8.3.4. Spectral FittingΒΆ

To infer relevant physical parameters from observed X-ray spectra, physical models are needed. The models need to calculate the expected X-ray spectrum based on physical parameters, like the electron temperature, emission measure and density distributions, ion and elemental abundances, mass motions, and the nature of the ambient radiation field. Unfortunately, the physical models cannot be compared directly to the measured spectra, because the instruments used to obtain the spectra change the spectrum for example by adding background components (instrument noise), change the continuum shape due to the sensitivity of the mirror (effective area), and blur spectral lines due to the instruments spectral resolution.

To take these instrumental components into account, the usual procedure is to apply a forward modelling technique by convolving theoretical model spectra with the instrumental response and to vary the model parameters in order to optimize the fit of the model to the observational data. A common approach is to consider first a simplified plasma model for the X-ray source, neglecting much of the complexity of the temperature and density structure and of the effects of opacity, and to synthesize such models into successively more sophisticated approximations of the source model.

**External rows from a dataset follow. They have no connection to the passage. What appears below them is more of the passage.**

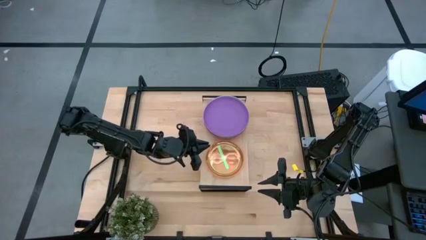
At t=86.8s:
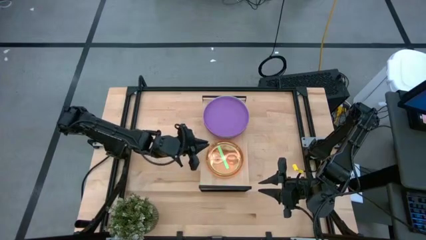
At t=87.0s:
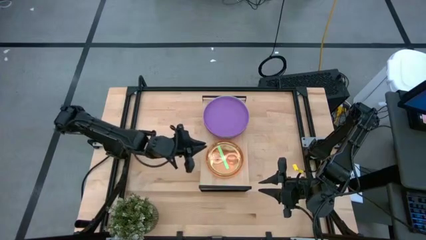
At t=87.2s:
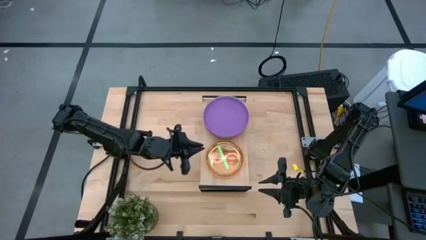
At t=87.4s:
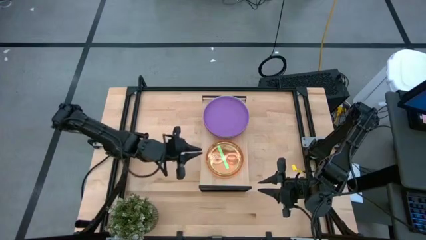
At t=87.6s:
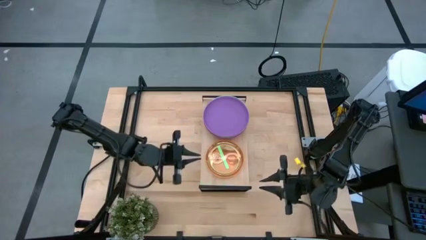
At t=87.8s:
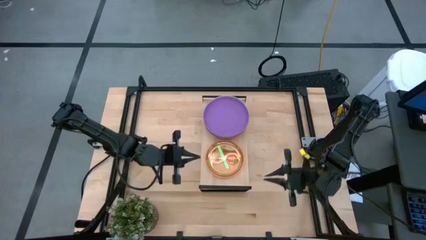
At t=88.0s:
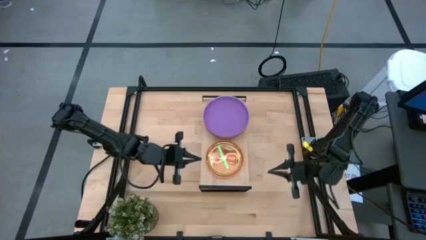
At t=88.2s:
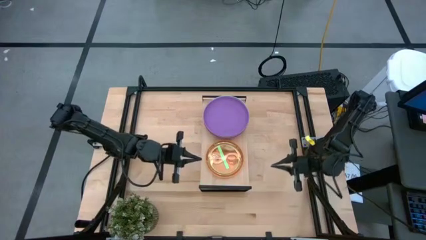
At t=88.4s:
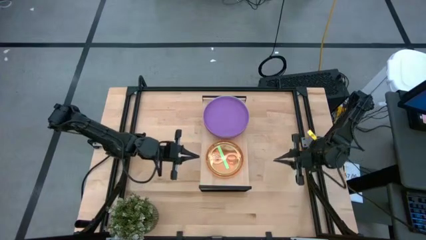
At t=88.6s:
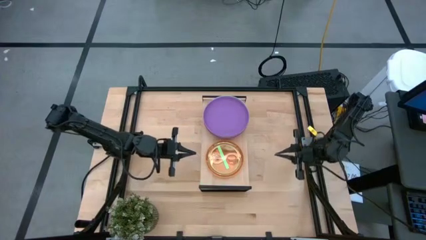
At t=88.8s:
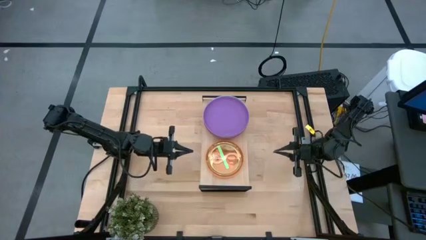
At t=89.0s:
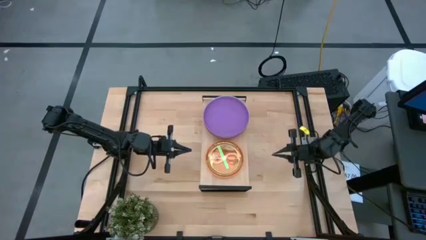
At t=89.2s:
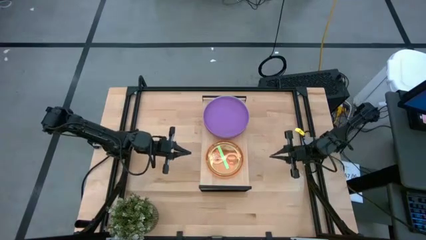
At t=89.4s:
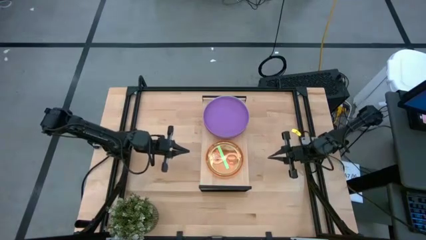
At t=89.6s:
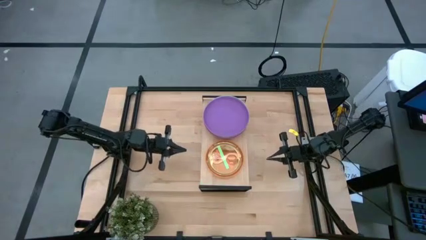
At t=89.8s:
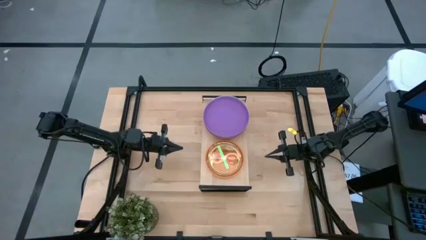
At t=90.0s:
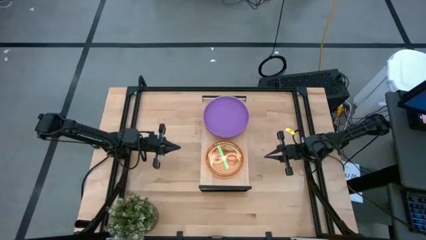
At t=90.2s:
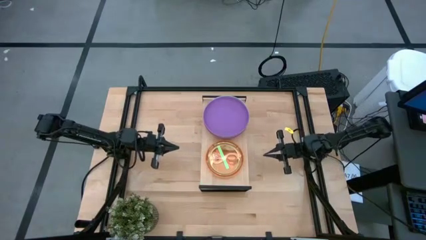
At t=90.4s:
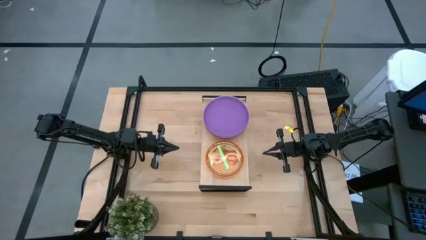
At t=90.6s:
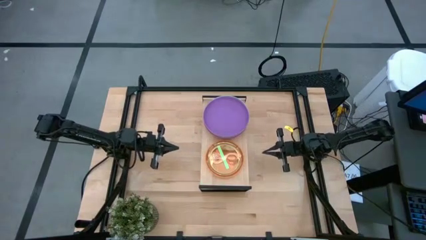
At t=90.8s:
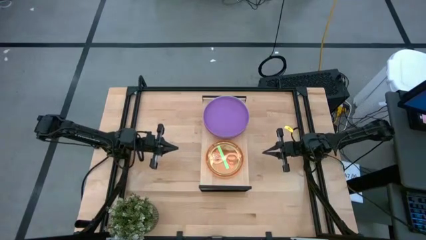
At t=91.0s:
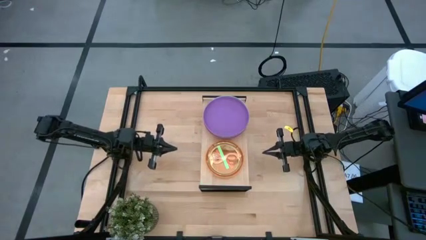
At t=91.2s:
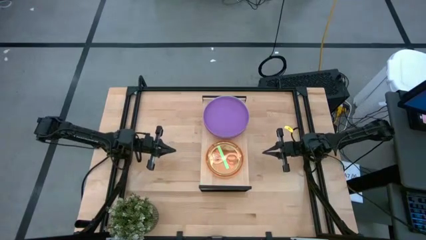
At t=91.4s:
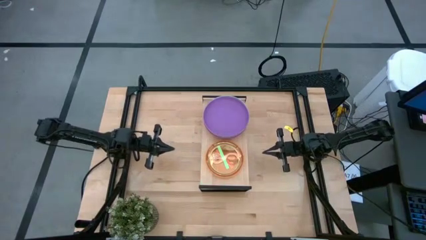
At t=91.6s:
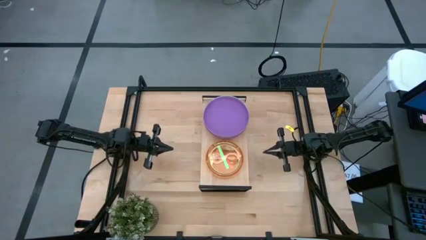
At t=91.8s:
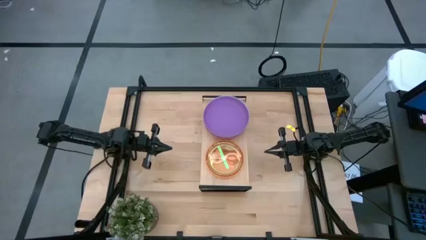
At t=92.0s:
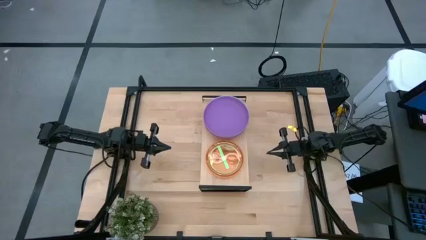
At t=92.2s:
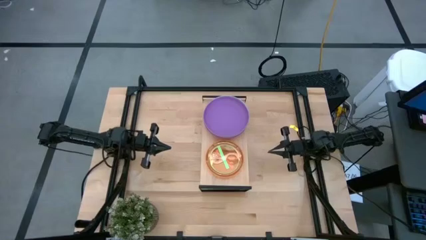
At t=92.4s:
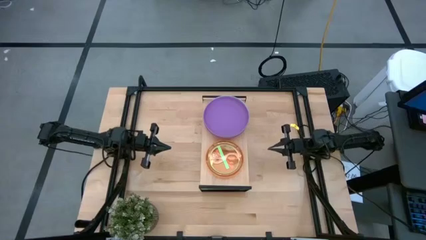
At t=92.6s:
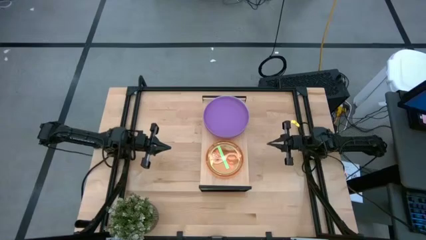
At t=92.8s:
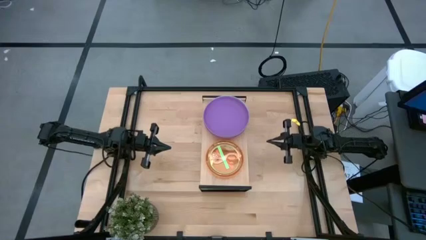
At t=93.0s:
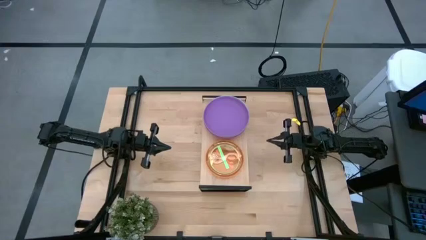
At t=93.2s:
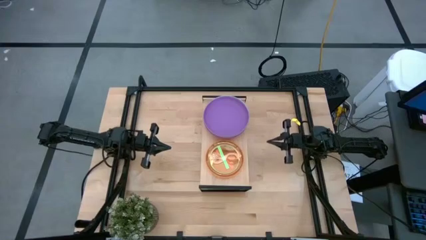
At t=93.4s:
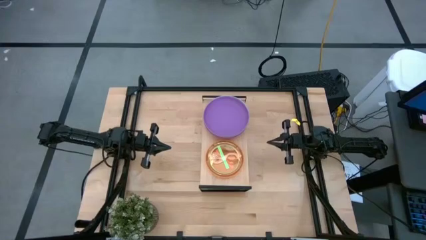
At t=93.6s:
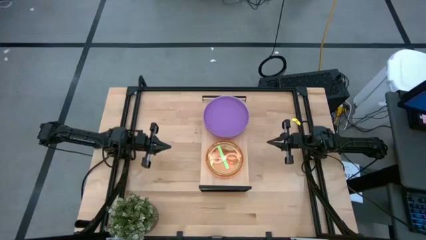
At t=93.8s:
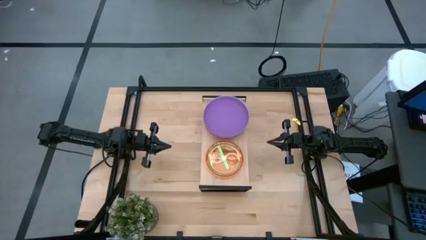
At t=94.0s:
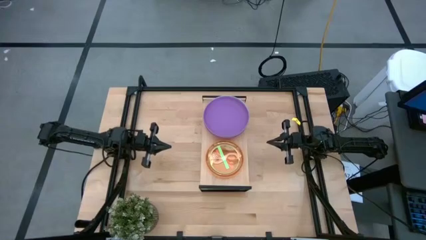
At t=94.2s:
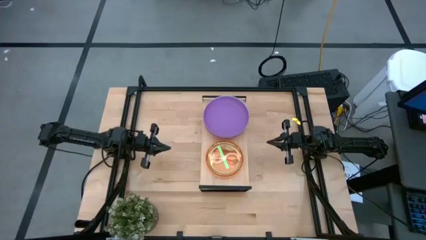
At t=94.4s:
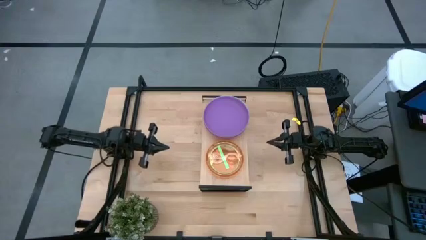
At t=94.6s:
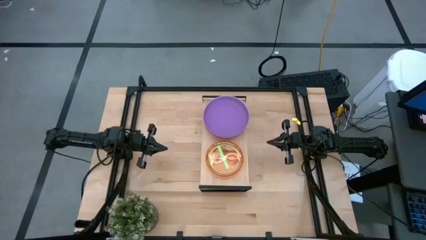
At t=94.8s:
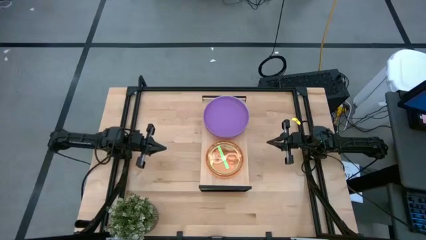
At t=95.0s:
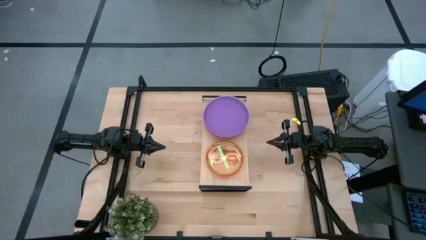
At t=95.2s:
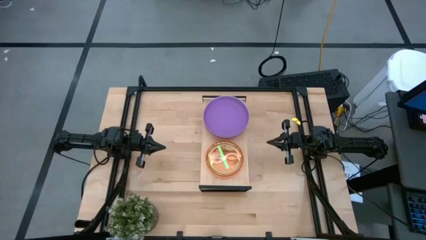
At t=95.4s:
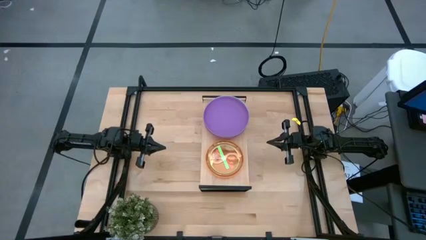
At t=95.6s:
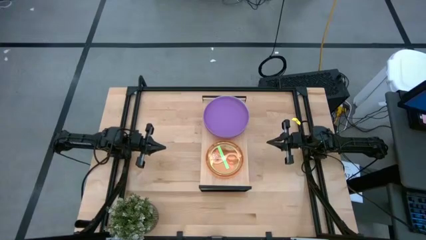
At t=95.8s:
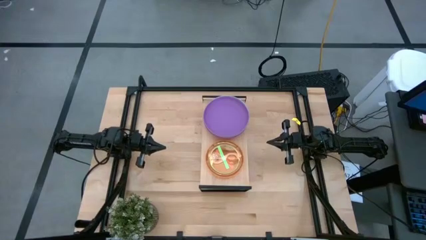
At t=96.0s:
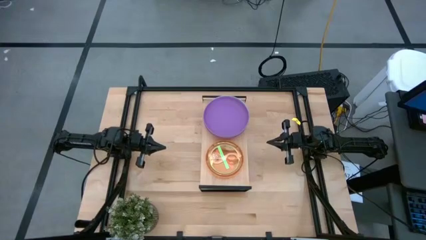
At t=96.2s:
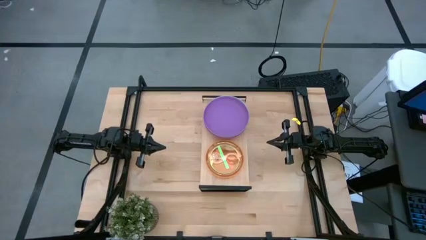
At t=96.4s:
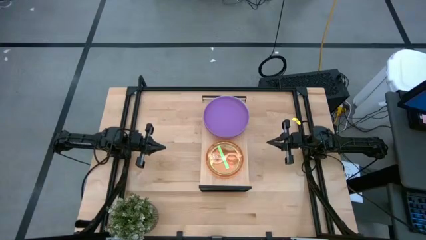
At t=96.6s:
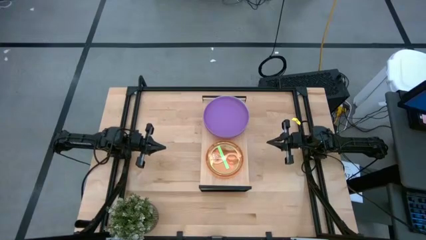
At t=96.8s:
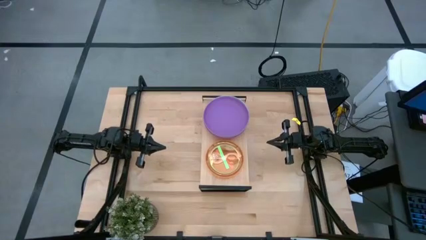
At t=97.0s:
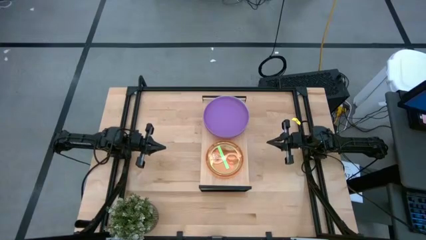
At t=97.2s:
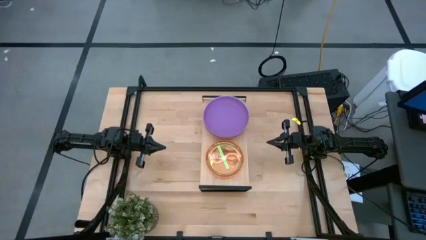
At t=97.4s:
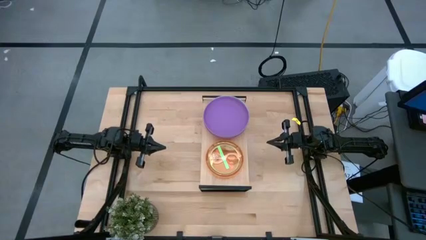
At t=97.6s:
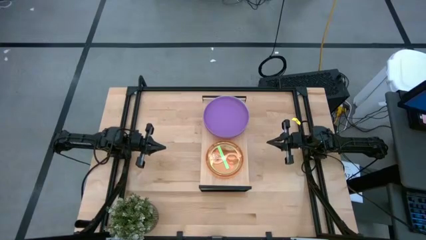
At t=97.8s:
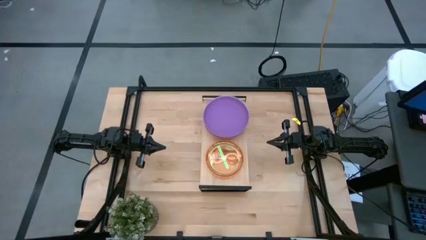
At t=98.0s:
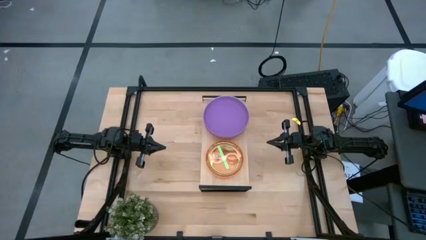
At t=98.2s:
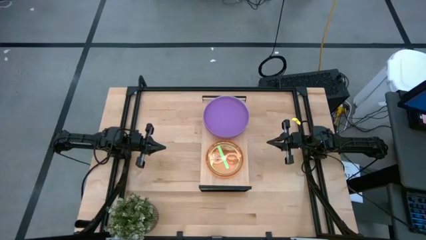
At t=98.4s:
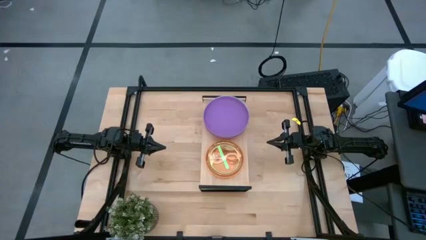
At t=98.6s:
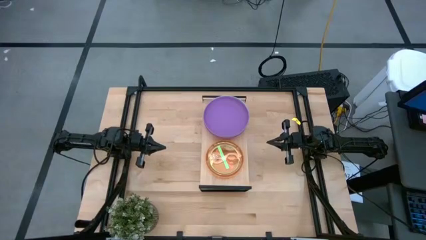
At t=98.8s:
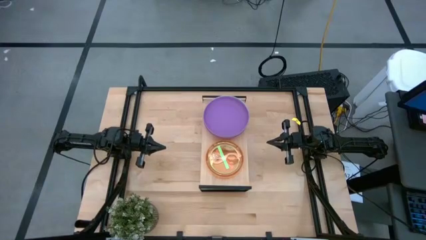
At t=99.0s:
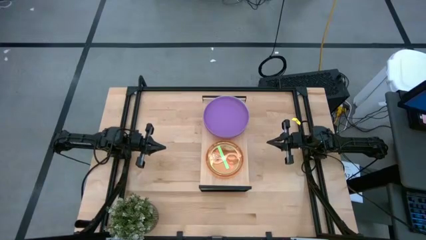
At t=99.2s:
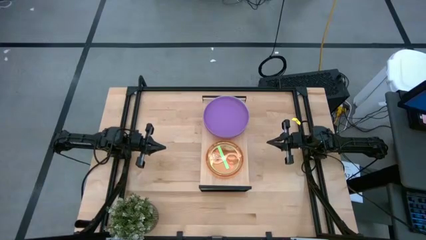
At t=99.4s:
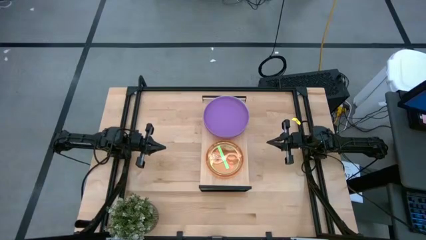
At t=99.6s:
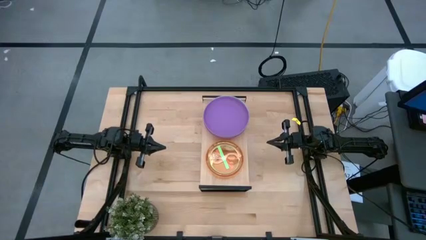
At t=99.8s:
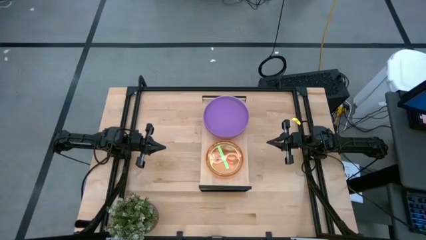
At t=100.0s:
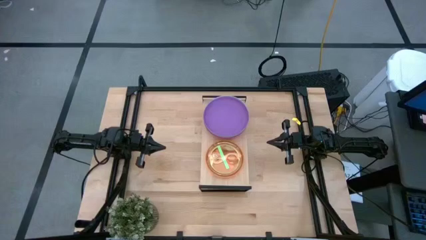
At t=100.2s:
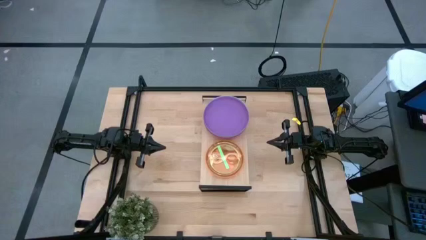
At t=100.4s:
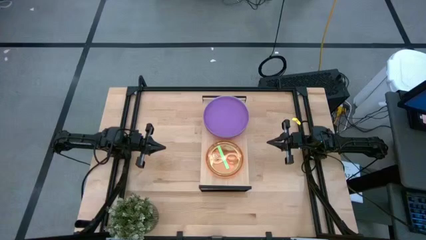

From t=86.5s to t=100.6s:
Task: Place and stack plates onto a shelf
Return to Home Position

Processing Flow Diagram for Spectral Modelling of optically thin plasmas (from Mewe 1992).

In Figure 1 we give in a processing flow diagram schematically the process of spectral modelling for the case of optically thin coronal plasmas. The synthetic spectra program is fed with input parameters from the spectral model (atomic data for ionization and line and continuum excitation), the instrumental model, and from the assumed plasma model for the source. The synthetic spectra code generates spectra which can be compared to the observations and tested by means of statistical fitting procedures.